Ленчик только хмыкнул.
— Какое письмо?
— Ангелу. Про двух русских сумасшедших девчонок… Кстати, ты привез ее?
— Кого?
— Предсмертную записку.
— Черт. — Он наконец-то сбросил ноги со стола. — Черт, черт, черт… Какая еще предсмертная записка?
— Или ты ее в камере хранения оставил?
— Какая еще камера хранения?
— Значит.. Если она не в камере хранения… Она с тобой…
— Где хозяин?! — Он все еще избегал имени Ангела, он до сих пор не сказал нам ни «да», ни «нет». — Где хозяин, черт возьми!

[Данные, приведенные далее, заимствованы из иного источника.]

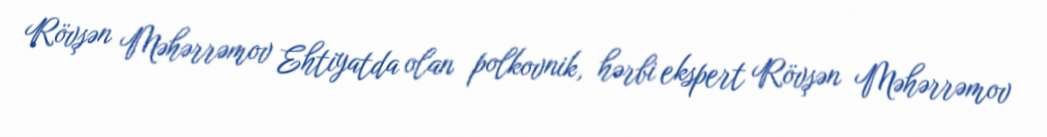
Rövşən Məhərrəmov Ehtiyatda olan polkovnik, hərbi ekspert Rövşən Məhərrəmov
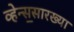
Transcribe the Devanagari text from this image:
व्हेन्स॒सारख्या
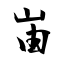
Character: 峀
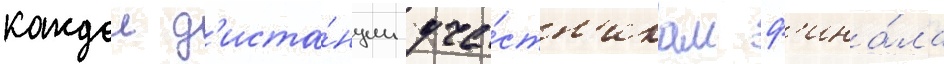
каждои д'иста́нции уча́стн'икам ф'ина́ла

— Мы же сказали тебе — в саду, — почти пропела Динка. — Только он не хозяин.
И так светло, так по-домашнему у нее получилось это «в саду», что я не удержалась и, подойдя сзади, обняла ее за плечи. И уткнулась губами в затылок… И…
Никогда еще моим рукам не было так хорошо. Так покойно. Никогда еще моим губам не было так хорошо. Так покойно. Динкины плечи, Динкин затылок — вот место, где мне… где мне хотелось бы остаться, черт… До этого так же хорошо мне было только с бестиарием… От Динкиных волос пахло уверенностью и силой, а Ленчик… А Ленчик, которому все два года я готова была в рот смотреть, стремительно отдалился, теперь он был далее дальше, чем индуистская святыня Тадж-Махал (№ 37 в Виксановом списке); Тадж-Махал я вряд ли когда-нибудь увижу, а Ленчик — вот он, передо мной: ничтожный человечишко, самоуверенный мудак, упырь, два года сосавший нашу кровь, а потом удачно переливший ее в пару квартир, бескрылую виллу в Ческе-Будейовице (на большее у него не хватило воображения) и скромный автопарк в количестве трех престижных иномарок. Упырь. Ублюдок.
— Да вы, как я посмотрю, спелись, — выдавил из себя упырь.
— Что же здесь удивительного? Как-никак, два года в одной упряжке Мы ведь еще и попсовый дуэт, Ленчик, разве ты забыл? Песенки поем.
— Вот только не надо, — поморщился Ленчик. — Не надо этого…
Он все еще не понимал серьезности ситуации, Ленчик, mio costoso.
— Хорошо, не будем, — сразу же согласилась Динка. — Так что насчет записки?
— Пошли вы к черту, дебилки! Для вас же стараюсь… Ладно… Пойду проветрюсь… А вы пока в себя приходите… деятельницы…
— Никуда ты не пойдешь, Ленчик…
— Вот как? — Ленчик высокомерно приподнял бровь. — Неужели ты мне запретишь, сучка?
— Не веришь? — Я видела только Динкин затылок, заросший затылок, и затылок этот был полон решимости. — Не веришь?
— Пошла ты… — Далее последовало грязное ругательство, которое никого из нас не удивило: обычный разбор полетов в Ленчиковом стиле.
— А так?
Вот он и наступил, торжественный момент: чуть раньше, чем я ожидала, но — ожидала. Динка полезла за пазуху (для этого ей пришлось на секунду отклеить меня от себя) и вытащила оттуда пистолет. И направила его дулом на Ленчика.
— Это еще что за фигня? — И хотя голос у нашего скота-продюсера не изменился, но губы скуксились и померкли. Теперь бы их не взяли ни в один приличный модный дом. Разве что к отирающейся на задворках pret-a-porte Татьяне Парфеновой: демонстрировать газовые шарфики.